In order to get across to people just how rigged the system is, we need representative examples. They have to be clear-cut. They have to be striking. Most of all, they have to gain public attention. They cannot be concealed, or least once they have become public knowledge, there is no way for the government to conceal them.

Those of us who believe staunchly in the inherent corruption of big government, long for poster child examples of this corruption. We long for cases so blatantly against the public interest that we can make them examples of the system that operates in Washington, D.C.

In what is one of the greatest examples of crony capitalism of my adult life, the main company that produced the incomparable failure known as www.healthcare.gov turns out to have gained its share of the $678 million contract without facing competitive bids. That's right. There were other companies that submitted bids, but those bids were not considered, or so initial reports indicate. Why no bids? We are not told.

This kind of thing goes on all the time, but usually it is never discovered. But the website was rolled out as the prime example of President Obama's signature program, which bears his name unofficially: ObamaCare. This program was going to be the deliverance long awaited for by 15 million Americans who did not have healthcare coverage.

It went online, and it was dead on arrival: a corpse of government medicine. It died so spectacularly that it became front-page news around the world. It is such a total failure that there is a kind of magnificence about it. Millions of people tried to get in. Millions of people could not get in.
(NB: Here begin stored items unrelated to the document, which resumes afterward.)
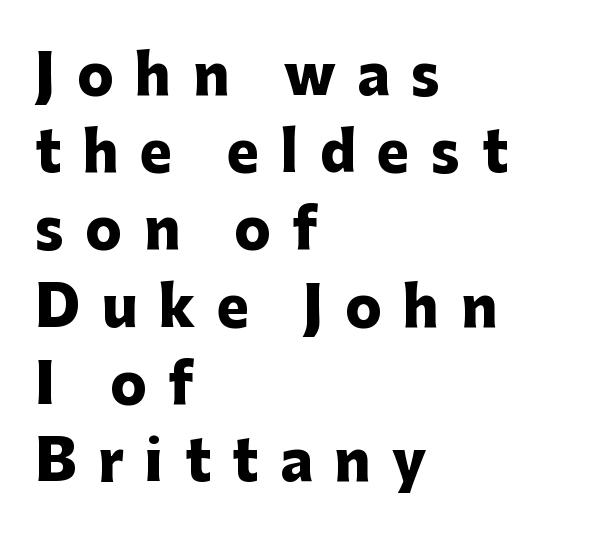
{"serif": "no", "italic": "no", "bold": "yes", "weight": "heavy", "width": "normal", "stroke_contrast": "low", "x_height": "medium", "monospaced": "no", "underline": "no", "align": "left", "line_spacing": "normal", "line_spacing_ratio": 1.43, "letter_spacing": "wide", "letter_spacing_em": 0.4, "glyph_px": 54}
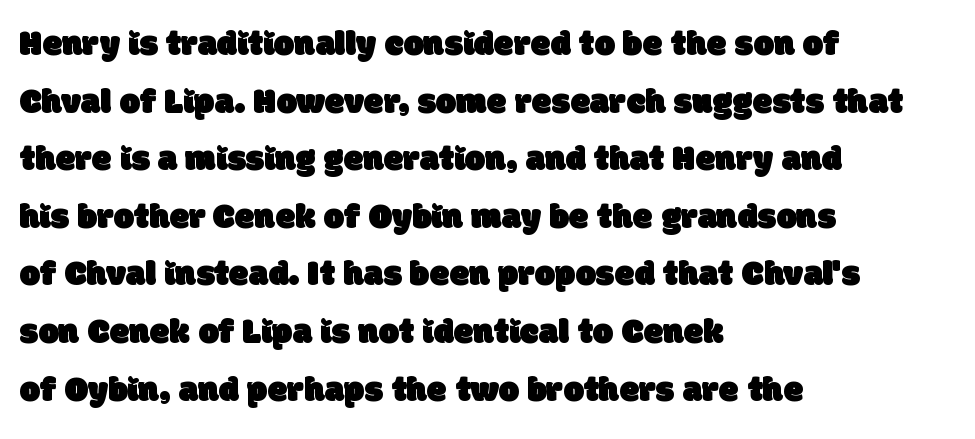
Q: Is the typeface a serif or a sans-serif typeface? A: Sans-serif.
Q: Is the text underlined? A: No.
Q: How is the paragraph aligned? A: Left-aligned.
Q: Is the spacing between letters normal or unusually wide? A: Normal.
Q: Is the spacing between lines tight, normal or loose? A: Normal.
Q: Width (condensed, normal, or wide)? A: Normal.
Q: Stroke contrast? A: Low.
Q: x-height? A: Large.
Q: Monospaced? A: No.
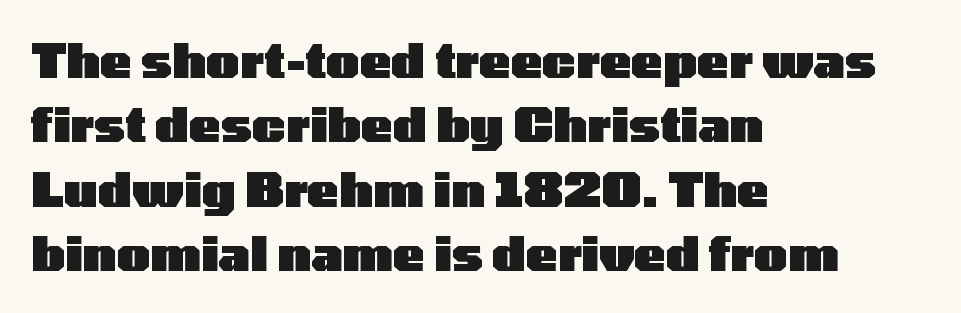
{"serif": "no", "italic": "no", "bold": "yes", "weight": "heavy", "width": "wide", "stroke_contrast": "low", "x_height": "medium", "monospaced": "no", "underline": "no", "align": "left", "line_spacing": "normal", "line_spacing_ratio": 1.37, "letter_spacing": "normal", "letter_spacing_em": 0.0, "glyph_px": 47}
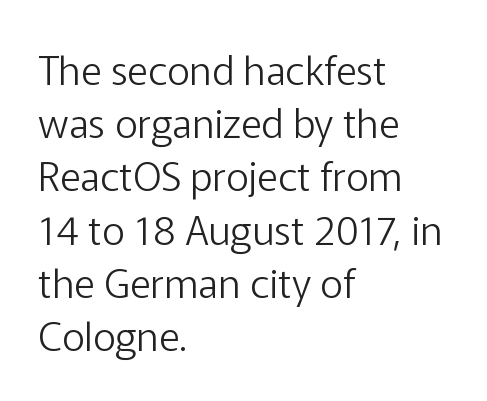
Nothing sits at the stroke ends, so this counts as sans-serif. Nothing unusual about the tracking: characters are spaced as the font intends. The gap between lines stays unmarked. The leading is moderate, giving the passage an even texture.
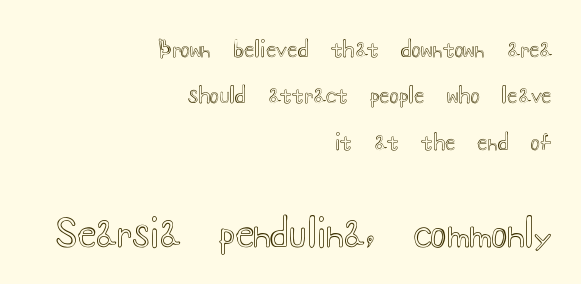
The image shows 38 px wide type, upright; set right-aligned, loose line spacing (2.11x), normal letter spacing, not underlined; the second (bottom) block is 1.73x larger; a small x-height.

Now Congress is conducting an investigation of how this happened, and it turns out, that it happened because it was a sweetheart deal from the get-go.

The man who is in charge of the company became an Obama supporter in 2012, I can hardly blame him.

His ship came in.

Unfortunately, the ship has just sunk in full public view. It is like the capsized cruise ship on its side off the coast of an Italian island in 2012. The site is there, dead in the water, for the whole world to see.
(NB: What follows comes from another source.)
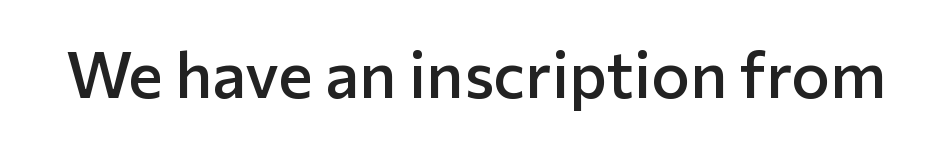
{"serif": "no", "italic": "no", "bold": "semi", "weight": "semibold", "width": "normal", "stroke_contrast": "low", "x_height": "medium", "monospaced": "no", "underline": "no", "letter_spacing": "normal", "letter_spacing_em": 0.0, "glyph_px": 65}
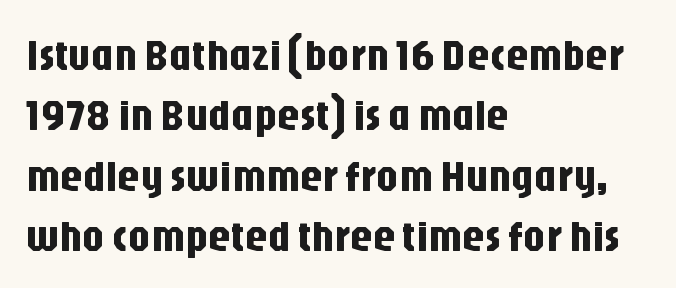
{"serif": "no", "italic": "no", "width": "condensed", "stroke_contrast": "low", "x_height": "large", "monospaced": "no", "underline": "no", "align": "left", "line_spacing": "normal", "line_spacing_ratio": 1.37, "letter_spacing": "normal", "letter_spacing_em": 0.0, "glyph_px": 44}

It even turns out that a senior executive with the company used to be a classmate at Princeton of Michelle Obama. This may just be a coincidence, but it is to big a coincidence to ignore. So, it got into the headline on Drudge Report.
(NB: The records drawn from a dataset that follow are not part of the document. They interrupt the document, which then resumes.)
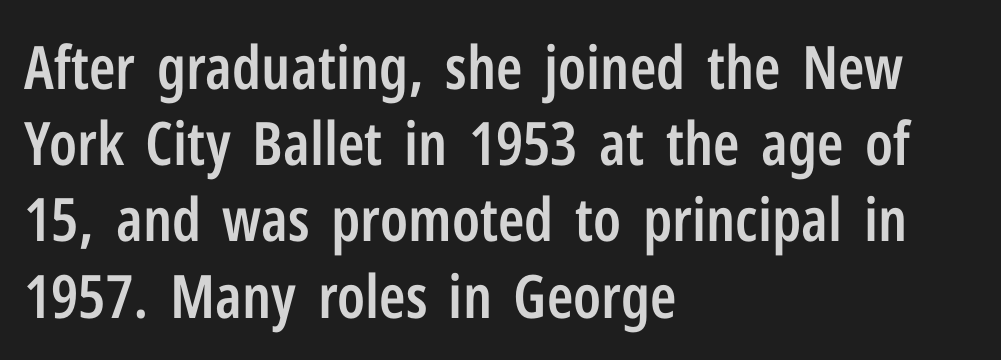
Q: Is the text bold? A: Semi-bold.
Q: Is the text italic (slanted)? A: No, it is upright.
Q: Is the typeface a serif or a sans-serif typeface? A: Sans-serif.
Q: Is the text underlined? A: No.
Q: How is the paragraph aligned? A: Left-aligned.
Q: Is the spacing between letters normal or unusually wide? A: Normal.
Q: Is the spacing between lines tight, normal or loose? A: Normal.
Q: Width (condensed, normal, or wide)? A: Condensed.
Q: Stroke contrast? A: Low.
Q: x-height? A: Medium.
Q: Monospaced? A: No.
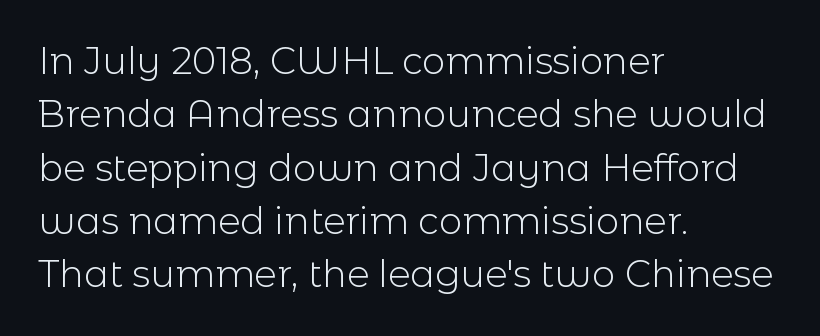
The image shows 37 px light sans-serif type, upright; set left-aligned, normal line spacing (1.44x), normal letter spacing, not underlined; a medium x-height.
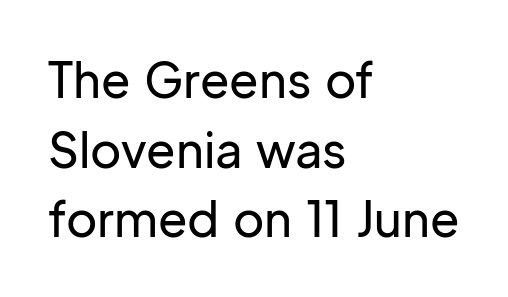
The horizontal fit of the characters is conventional and even. Think of a printed novel: that variable character pitch is what you see here. In CSS terms this would be text-align: left. The typography opts for an upright posture over an oblique one. A bare baseline throughout the passage. Notice how descenders clear the ascenders below comfortably — that's standard leading.
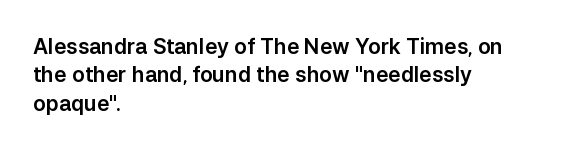
The image shows 21 px text type, upright; set left-aligned, normal line spacing (1.35x), normal letter spacing, not underlined.
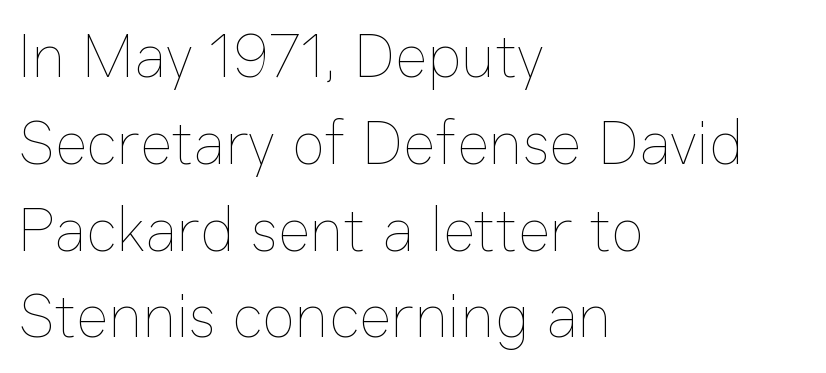
Q: Is the text bold? A: No.
Q: Is the text italic (slanted)? A: No, it is upright.
Q: Is the text underlined? A: No.
Q: How is the paragraph aligned? A: Left-aligned.
Q: Is the spacing between letters normal or unusually wide? A: Normal.
Q: Is the spacing between lines tight, normal or loose? A: Normal.
Q: Width (condensed, normal, or wide)? A: Normal.
Q: Stroke contrast? A: Low.
Q: x-height? A: Medium.
Q: Monospaced? A: No.
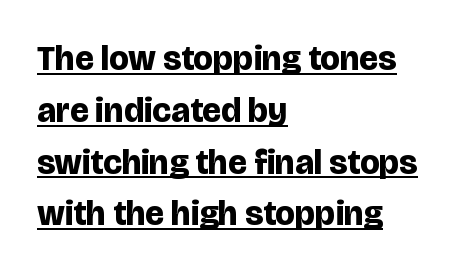
{"serif": "no", "italic": "no", "bold": "yes", "weight": "bold", "width": "normal", "stroke_contrast": "low", "x_height": "large", "monospaced": "no", "underline": "yes", "align": "left", "line_spacing": "normal", "line_spacing_ratio": 1.48, "letter_spacing": "normal", "letter_spacing_em": 0.0, "glyph_px": 35}
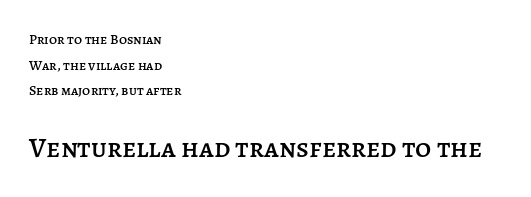
{"italic": "no", "width": "normal", "stroke_contrast": "low", "x_height": "large", "monospaced": "no", "underline": "no", "align": "left", "line_spacing_ratio": 1.83, "letter_spacing": "normal", "letter_spacing_em": 0.0, "larger_block": "second", "size_ratio": 2.0, "glyph_px": 28}
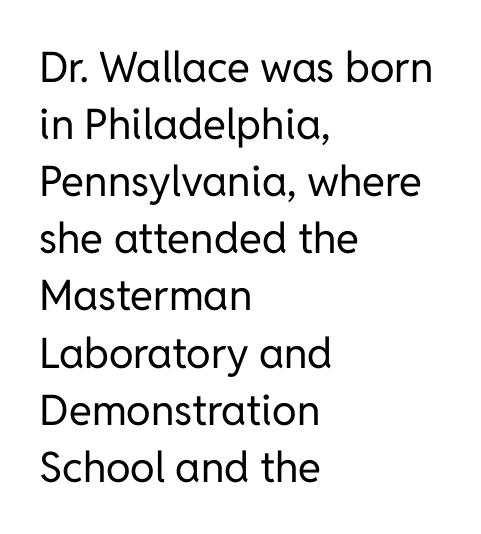
The image shows 42 px regular-weight sans-serif type, upright; set left-aligned, normal line spacing (1.36x), normal letter spacing, not underlined; low stroke contrast and a medium x-height.
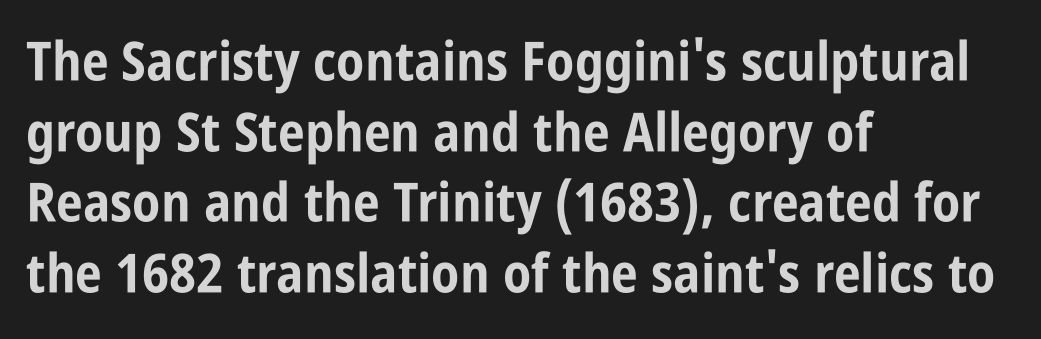
Q: Is the text bold? A: Yes.
Q: Is the text italic (slanted)? A: No, it is upright.
Q: Is the typeface a serif or a sans-serif typeface? A: Sans-serif.
Q: Is the text underlined? A: No.
Q: How is the paragraph aligned? A: Left-aligned.
Q: Is the spacing between letters normal or unusually wide? A: Normal.
Q: Is the spacing between lines tight, normal or loose? A: Normal.
Q: Width (condensed, normal, or wide)? A: Condensed.
Q: Stroke contrast? A: Low.
Q: x-height? A: Large.
Q: Monospaced? A: No.

The website that pursued the story contacted the company, and the company stonewalled the reporter. Some low-level PR flak in the company did not understand just how big this story is, and just how dangerous it is to stonewall a reporter. The pathetic flak issued this statement: there would be "nothing coming out of CGI for the record or otherwise today."

Any sensible firm would have hired a million-dollar PR firm to deal with damage control. But not CGI. CGI lets a low-level flak issue an inept statement that was guaranteed to get wide coverage. Drudge ran this story as the lead story: the kiss of public relations death. CGI got Lewinskied.

From start to finish, or in this case, a non-finish, this story is breathtaking. It will stand as a kind of monument to the crony deals of this government. It will stand as a legendary example of total incompetence. The initial cost $678 million was just the beginning. The repairs may cost more, and still may not work well -- surely not in one month, as promised by the repairman called in to fix it.

A story like this only comes along once or twice in a generation. Savor it. Feast on it. It belongs in the textbooks. Let's hope that he gets into the case law curriculum of the Harvard Business School.